A faithful copy of every entry, with the pictures removed, is what is needed here.

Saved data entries
-.-.-
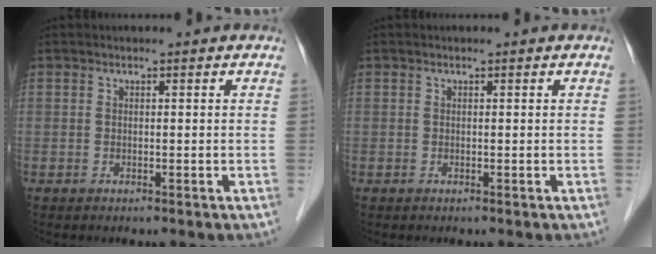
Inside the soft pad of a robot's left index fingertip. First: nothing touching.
{"total": 0.0}
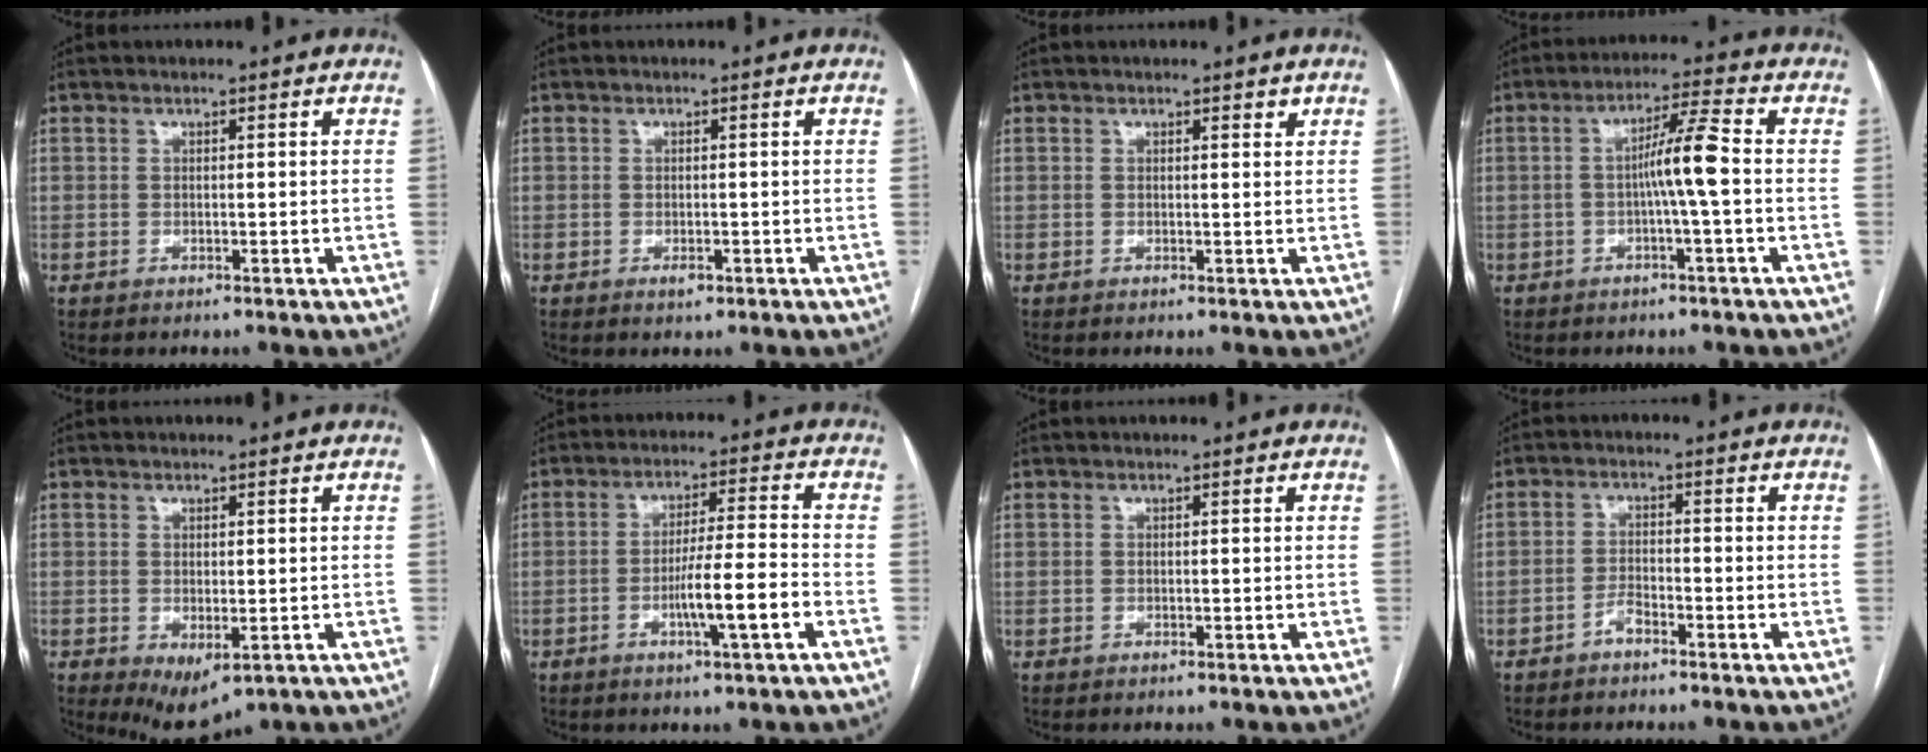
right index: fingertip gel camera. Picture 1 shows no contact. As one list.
[{"total": 1.1, "force": [-0.5, 0.6, 0.8], "torque": [-0.012, 0.000, -0.003]}, {"total": 0.8, "force": [0.6, 0.3, 0.5], "torque": [-0.008, -0.002, 0.006]}, {"total": 6.7, "force": [-0.7, -0.5, 6.6], "torque": [-0.116, 0.014, -0.013]}, {"total": 4.9, "force": [-1.7, 2.3, 3.9], "torque": [-0.056, -0.014, -0.007]}, {"total": 8.2, "force": [-3.0, -0.1, 7.6], "torque": [-0.129, 0.000, -0.051]}, {"total": 0.0}, {"total": 2.2, "force": [-1.7, 0.6, 1.2], "torque": [-0.022, 0.004, -0.031]}]
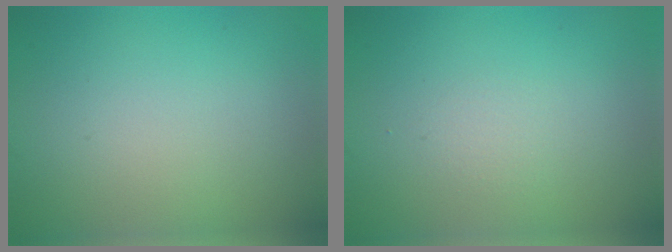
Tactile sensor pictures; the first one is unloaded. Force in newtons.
{"total": 0.7, "press": 0.7, "slide": 0.1}
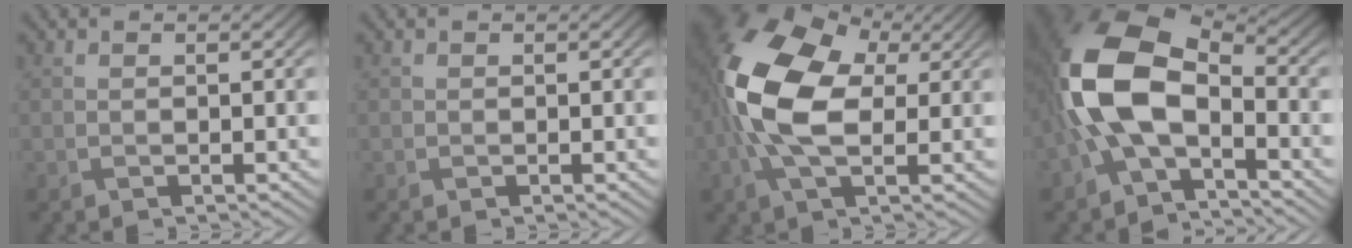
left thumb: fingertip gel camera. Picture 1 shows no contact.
{"total": 0.0}
{"total": 14.9, "force": [1.1, 8.5, 12.2], "torque": [-0.281, 0.012, 0.009]}
{"total": 13.9, "force": [-1.9, 8.1, 11.1], "torque": [-0.264, 0.005, -0.051]}
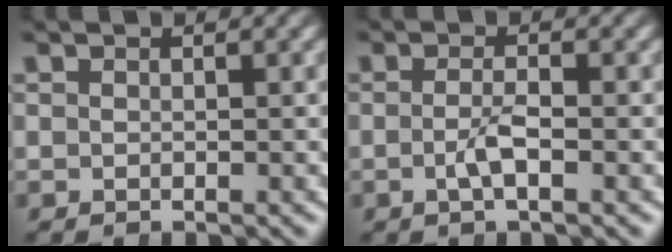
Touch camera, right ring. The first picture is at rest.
{"total": 2.0, "force": [-1.0, 0.1, 1.7], "torque": [-0.035, -0.006, -0.016]}
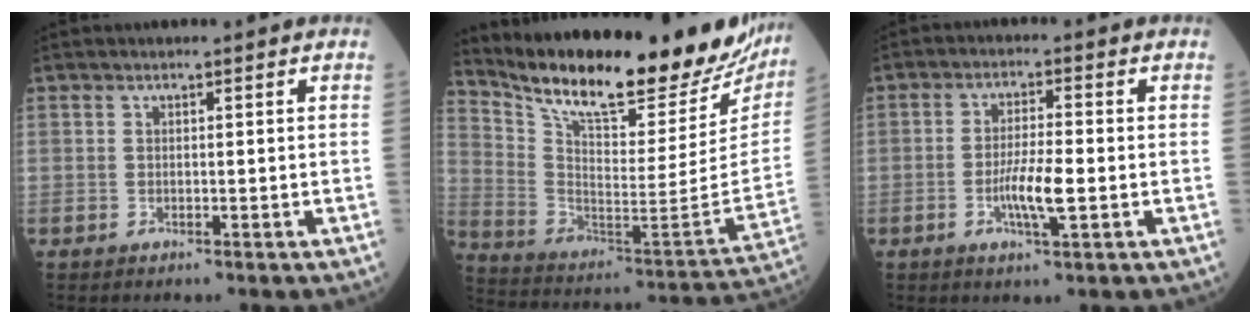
-.-.-
**Exercise answer**
Inside the soft pad of a robot's left index fingertip. First: nothing touching.
{"total": 0.0}
right index: fingertip gel camera. Picture 1 shows no contact. As one list.
[{"total": 1.1, "force": [-0.5, 0.6, 0.8], "torque": [-0.012, 0.000, -0.003]}, {"total": 0.8, "force": [0.6, 0.3, 0.5], "torque": [-0.008, -0.002, 0.006]}, {"total": 6.7, "force": [-0.7, -0.5, 6.6], "torque": [-0.116, 0.014, -0.013]}, {"total": 4.9, "force": [-1.7, 2.3, 3.9], "torque": [-0.056, -0.014, -0.007]}, {"total": 8.2, "force": [-3.0, -0.1, 7.6], "torque": [-0.129, 0.000, -0.051]}, {"total": 0.0}, {"total": 2.2, "force": [-1.7, 0.6, 1.2], "torque": [-0.022, 0.004, -0.031]}]
Tactile sensor pictures; the first one is unloaded. Force in newtons.
{"total": 0.7, "press": 0.7, "slide": 0.1}
left thumb: fingertip gel camera. Picture 1 shows no contact.
{"total": 0.0}
{"total": 14.9, "force": [1.1, 8.5, 12.2], "torque": [-0.281, 0.012, 0.009]}
{"total": 13.9, "force": [-1.9, 8.1, 11.1], "torque": [-0.264, 0.005, -0.051]}
Touch camera, right ring. The first picture is at rest.
{"total": 2.0, "force": [-1.0, 0.1, 1.7], "torque": [-0.035, -0.006, -0.016]}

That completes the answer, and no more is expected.